* _Your task_
Output exactly the lines from the one containing "Occurring 3.6 s after image 1." through the final line of the entries below, both included, and skip the pictures.

* _Data excerpts_

- - - - - - -

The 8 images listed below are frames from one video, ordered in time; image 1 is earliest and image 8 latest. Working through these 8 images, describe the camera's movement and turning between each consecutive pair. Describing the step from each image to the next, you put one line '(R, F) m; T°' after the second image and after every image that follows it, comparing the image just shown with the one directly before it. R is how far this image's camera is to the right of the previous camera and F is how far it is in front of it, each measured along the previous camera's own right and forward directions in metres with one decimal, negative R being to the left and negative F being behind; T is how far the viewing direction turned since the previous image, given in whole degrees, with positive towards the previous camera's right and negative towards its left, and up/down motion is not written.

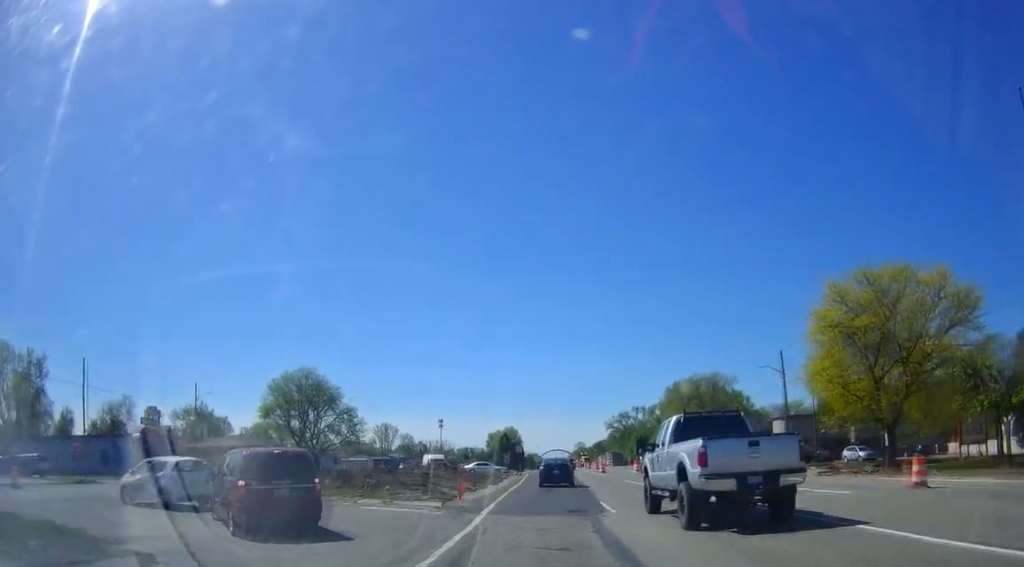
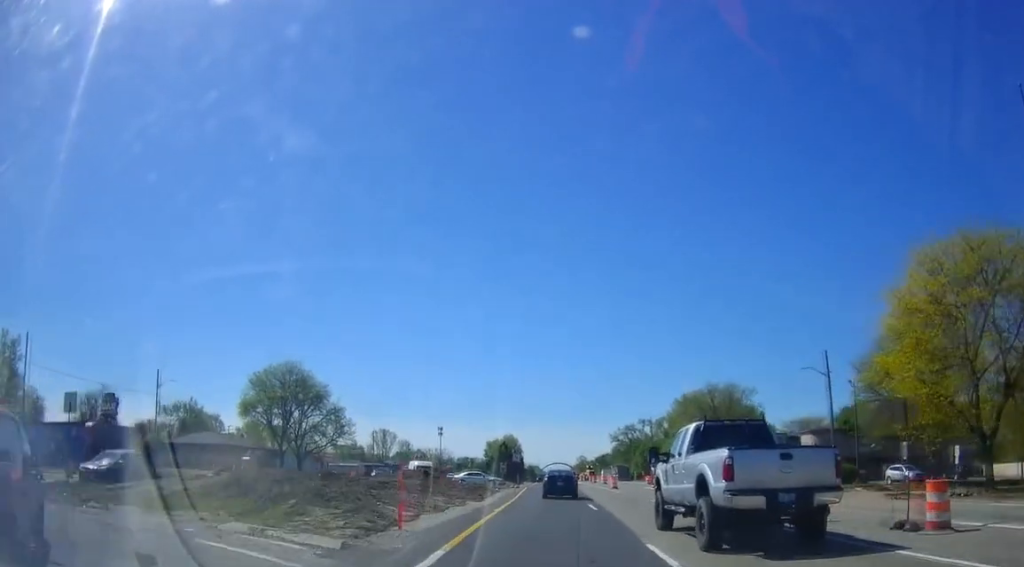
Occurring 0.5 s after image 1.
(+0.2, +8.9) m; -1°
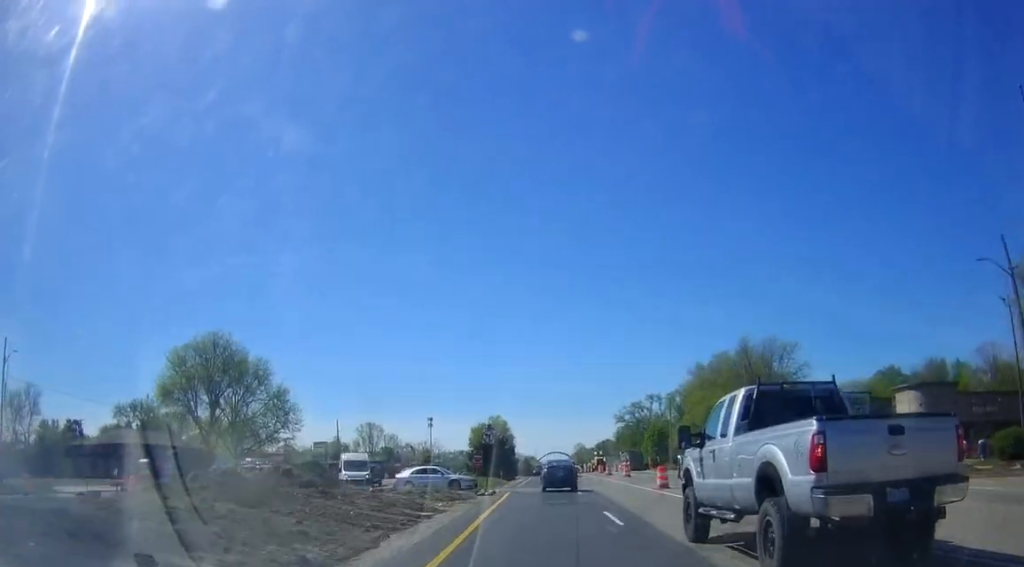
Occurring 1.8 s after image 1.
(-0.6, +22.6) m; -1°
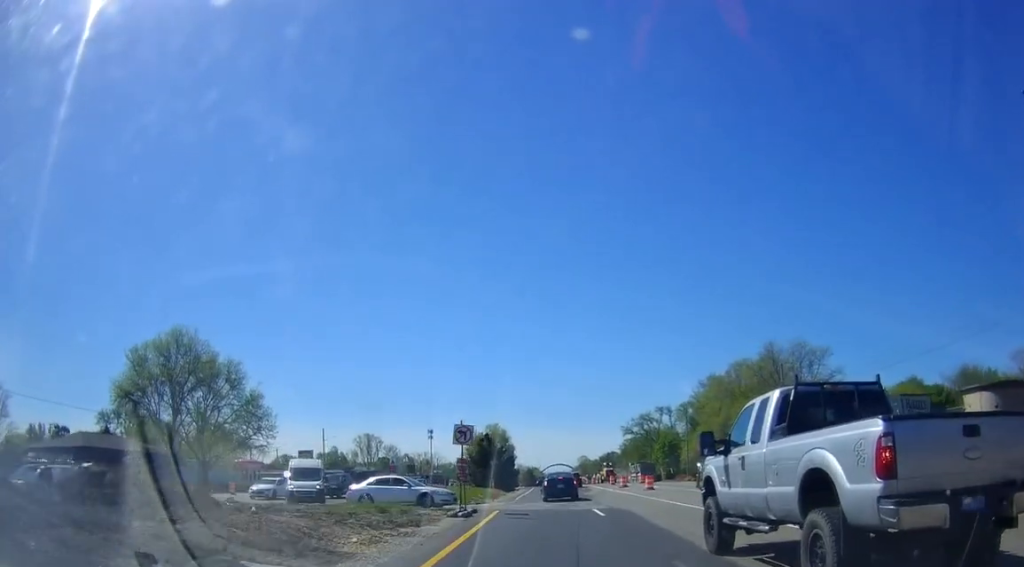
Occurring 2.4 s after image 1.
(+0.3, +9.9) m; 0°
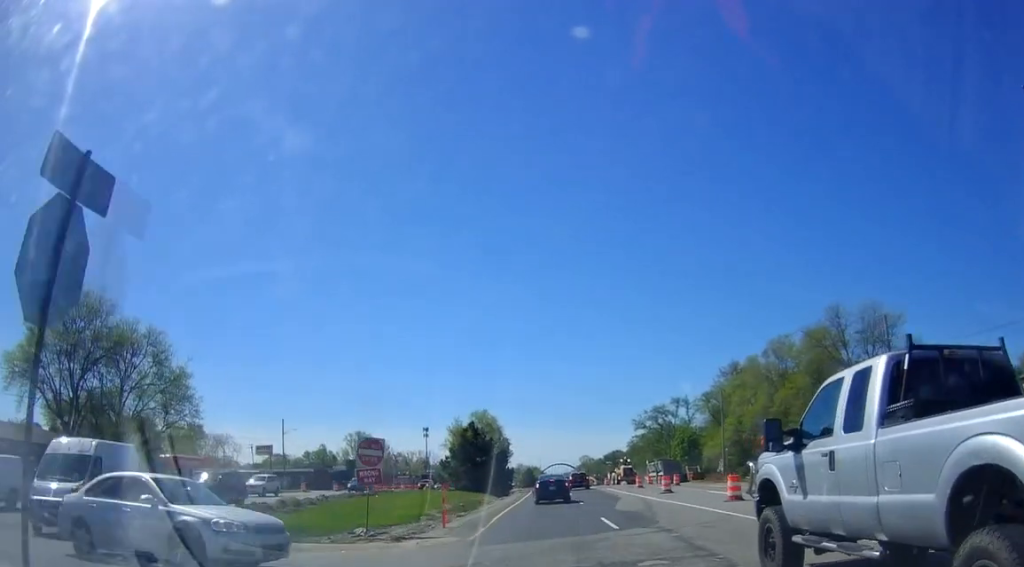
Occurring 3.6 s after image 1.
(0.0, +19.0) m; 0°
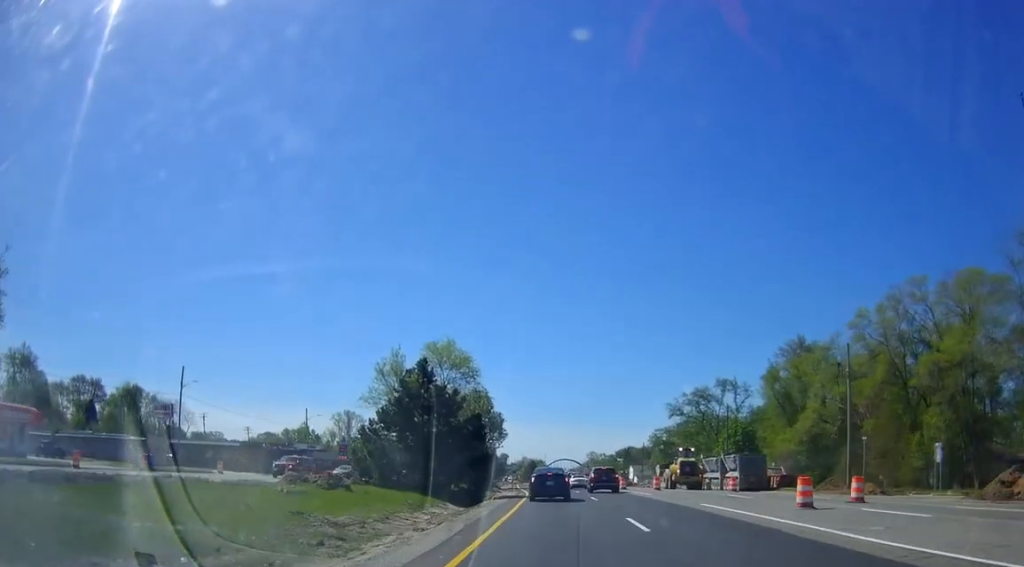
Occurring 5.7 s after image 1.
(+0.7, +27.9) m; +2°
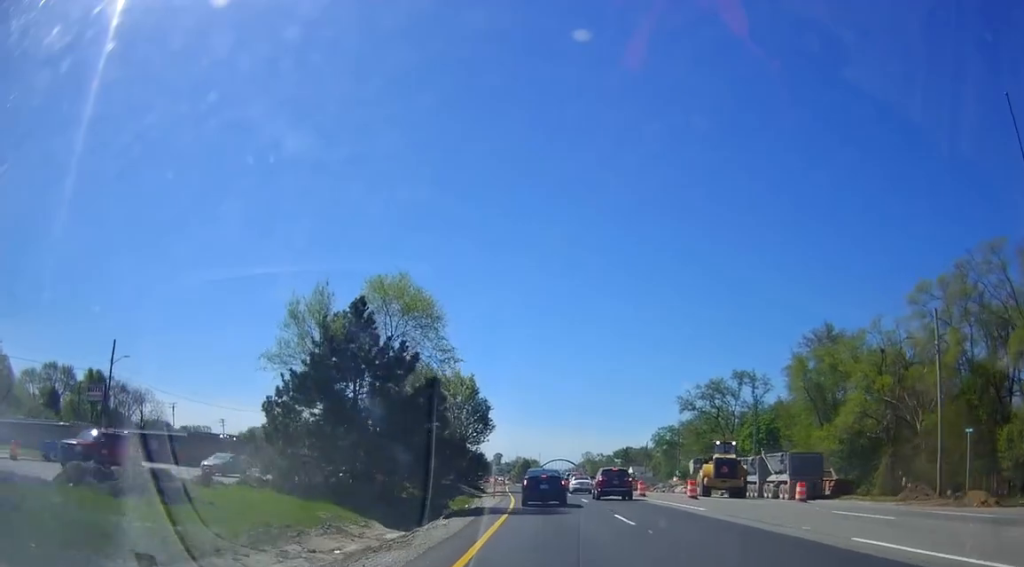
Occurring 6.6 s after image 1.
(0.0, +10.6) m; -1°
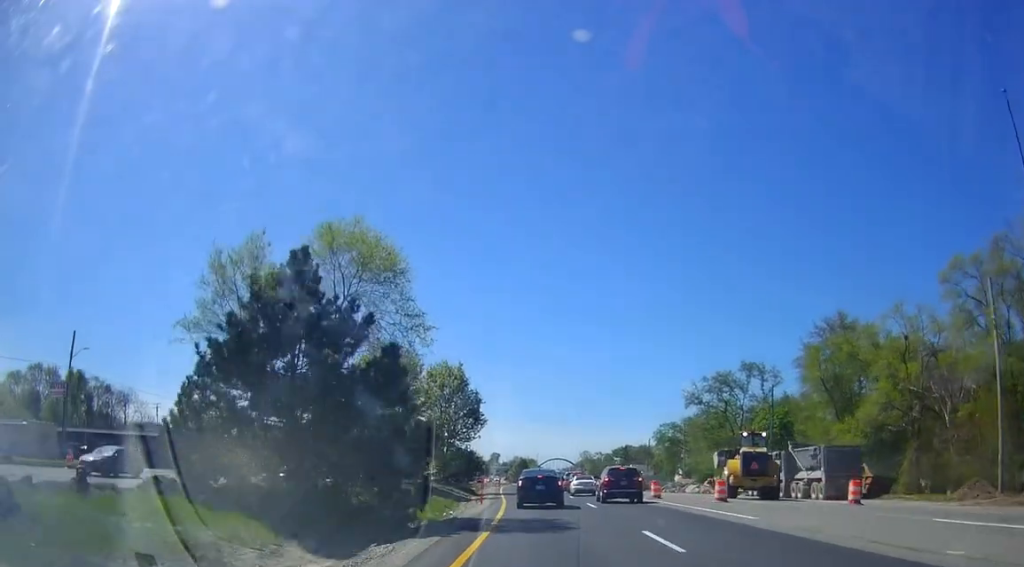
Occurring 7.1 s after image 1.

- - - - - - -

* _Answer_
Occurring 3.6 s after image 1.
(0.0, +19.0) m; 0°
Occurring 5.7 s after image 1.
(+0.7, +27.9) m; +2°
Occurring 6.6 s after image 1.
(0.0, +10.6) m; -1°
Occurring 7.1 s after image 1.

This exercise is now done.